**PROBLEM DETAILS**
Set down the entries once more, exactly as they are written.

START EXERCISE MATERIAL

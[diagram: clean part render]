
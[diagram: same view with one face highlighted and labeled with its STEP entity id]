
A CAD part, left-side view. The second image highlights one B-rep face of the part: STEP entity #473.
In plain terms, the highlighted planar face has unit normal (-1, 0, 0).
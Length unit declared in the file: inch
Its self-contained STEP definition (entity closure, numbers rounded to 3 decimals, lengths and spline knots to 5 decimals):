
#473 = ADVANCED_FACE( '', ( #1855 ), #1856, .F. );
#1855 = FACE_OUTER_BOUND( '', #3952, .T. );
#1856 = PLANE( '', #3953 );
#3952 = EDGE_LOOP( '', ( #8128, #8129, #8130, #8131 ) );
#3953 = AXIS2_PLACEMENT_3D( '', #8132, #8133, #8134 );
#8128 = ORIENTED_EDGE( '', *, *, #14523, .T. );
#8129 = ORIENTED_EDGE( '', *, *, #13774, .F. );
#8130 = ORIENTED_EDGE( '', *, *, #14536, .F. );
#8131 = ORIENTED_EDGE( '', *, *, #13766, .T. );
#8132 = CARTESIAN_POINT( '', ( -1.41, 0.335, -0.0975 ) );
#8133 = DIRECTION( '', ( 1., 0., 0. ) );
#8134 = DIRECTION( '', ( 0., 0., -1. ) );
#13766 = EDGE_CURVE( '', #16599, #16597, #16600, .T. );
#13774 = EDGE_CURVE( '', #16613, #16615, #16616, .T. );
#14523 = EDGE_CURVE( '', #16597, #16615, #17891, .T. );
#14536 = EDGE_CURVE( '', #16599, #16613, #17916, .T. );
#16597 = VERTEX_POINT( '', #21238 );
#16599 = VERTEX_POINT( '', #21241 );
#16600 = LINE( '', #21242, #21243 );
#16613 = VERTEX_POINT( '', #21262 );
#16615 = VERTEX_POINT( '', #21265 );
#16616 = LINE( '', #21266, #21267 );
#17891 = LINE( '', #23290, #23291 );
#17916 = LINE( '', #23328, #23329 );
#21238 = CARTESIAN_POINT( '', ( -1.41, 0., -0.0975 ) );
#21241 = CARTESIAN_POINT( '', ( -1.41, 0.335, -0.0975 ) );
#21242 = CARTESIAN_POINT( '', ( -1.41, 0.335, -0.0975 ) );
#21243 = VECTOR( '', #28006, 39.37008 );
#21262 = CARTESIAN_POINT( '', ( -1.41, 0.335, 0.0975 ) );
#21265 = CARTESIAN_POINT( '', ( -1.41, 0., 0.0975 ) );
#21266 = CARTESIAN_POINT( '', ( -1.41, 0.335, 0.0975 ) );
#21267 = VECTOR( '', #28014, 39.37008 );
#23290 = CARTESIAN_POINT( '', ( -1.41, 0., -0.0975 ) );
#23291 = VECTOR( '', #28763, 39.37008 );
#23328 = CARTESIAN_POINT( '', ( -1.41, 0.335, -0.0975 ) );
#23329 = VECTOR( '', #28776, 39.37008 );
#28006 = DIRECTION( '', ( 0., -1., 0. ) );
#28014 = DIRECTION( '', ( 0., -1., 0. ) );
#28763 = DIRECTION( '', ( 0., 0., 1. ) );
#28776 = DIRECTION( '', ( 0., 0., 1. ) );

END EXERCISE MATERIAL

**YOUR SOLUTION**
[diagram: clean part render]
[diagram: same view with one face highlighted and labeled with its STEP entity id]
A CAD part, left-side view. The second image highlights one B-rep face of the part: STEP entity #473.
In plain terms, the highlighted planar face has unit normal (-1, 0, 0).
Length unit declared in the file: inch
Its self-contained STEP definition (entity closure, numbers rounded to 3 decimals, lengths and spline knots to 5 decimals):
#473 = ADVANCED_FACE( '', ( #1855 ), #1856, .F. );
#1855 = FACE_OUTER_BOUND( '', #3952, .T. );
#1856 = PLANE( '', #3953 );
#3952 = EDGE_LOOP( '', ( #8128, #8129, #8130, #8131 ) );
#3953 = AXIS2_PLACEMENT_3D( '', #8132, #8133, #8134 );
#8128 = ORIENTED_EDGE( '', *, *, #14523, .T. );
#8129 = ORIENTED_EDGE( '', *, *, #13774, .F. );
#8130 = ORIENTED_EDGE( '', *, *, #14536, .F. );
#8131 = ORIENTED_EDGE( '', *, *, #13766, .T. );
#8132 = CARTESIAN_POINT( '', ( -1.41, 0.335, -0.0975 ) );
#8133 = DIRECTION( '', ( 1., 0., 0. ) );
#8134 = DIRECTION( '', ( 0., 0., -1. ) );
#13766 = EDGE_CURVE( '', #16599, #16597, #16600, .T. );
#13774 = EDGE_CURVE( '', #16613, #16615, #16616, .T. );
#14523 = EDGE_CURVE( '', #16597, #16615, #17891, .T. );
#14536 = EDGE_CURVE( '', #16599, #16613, #17916, .T. );
#16597 = VERTEX_POINT( '', #21238 );
#16599 = VERTEX_POINT( '', #21241 );
#16600 = LINE( '', #21242, #21243 );
#16613 = VERTEX_POINT( '', #21262 );
#16615 = VERTEX_POINT( '', #21265 );
#16616 = LINE( '', #21266, #21267 );
#17891 = LINE( '', #23290, #23291 );
#17916 = LINE( '', #23328, #23329 );
#21238 = CARTESIAN_POINT( '', ( -1.41, 0., -0.0975 ) );
#21241 = CARTESIAN_POINT( '', ( -1.41, 0.335, -0.0975 ) );
#21242 = CARTESIAN_POINT( '', ( -1.41, 0.335, -0.0975 ) );
#21243 = VECTOR( '', #28006, 39.37008 );
#21262 = CARTESIAN_POINT( '', ( -1.41, 0.335, 0.0975 ) );
#21265 = CARTESIAN_POINT( '', ( -1.41, 0., 0.0975 ) );
#21266 = CARTESIAN_POINT( '', ( -1.41, 0.335, 0.0975 ) );
#21267 = VECTOR( '', #28014, 39.37008 );
#23290 = CARTESIAN_POINT( '', ( -1.41, 0., -0.0975 ) );
#23291 = VECTOR( '', #28763, 39.37008 );
#23328 = CARTESIAN_POINT( '', ( -1.41, 0.335, -0.0975 ) );
#23329 = VECTOR( '', #28776, 39.37008 );
#28006 = DIRECTION( '', ( 0., -1., 0. ) );
#28014 = DIRECTION( '', ( 0., -1., 0. ) );
#28763 = DIRECTION( '', ( 0., 0., 1. ) );
#28776 = DIRECTION( '', ( 0., 0., 1. ) );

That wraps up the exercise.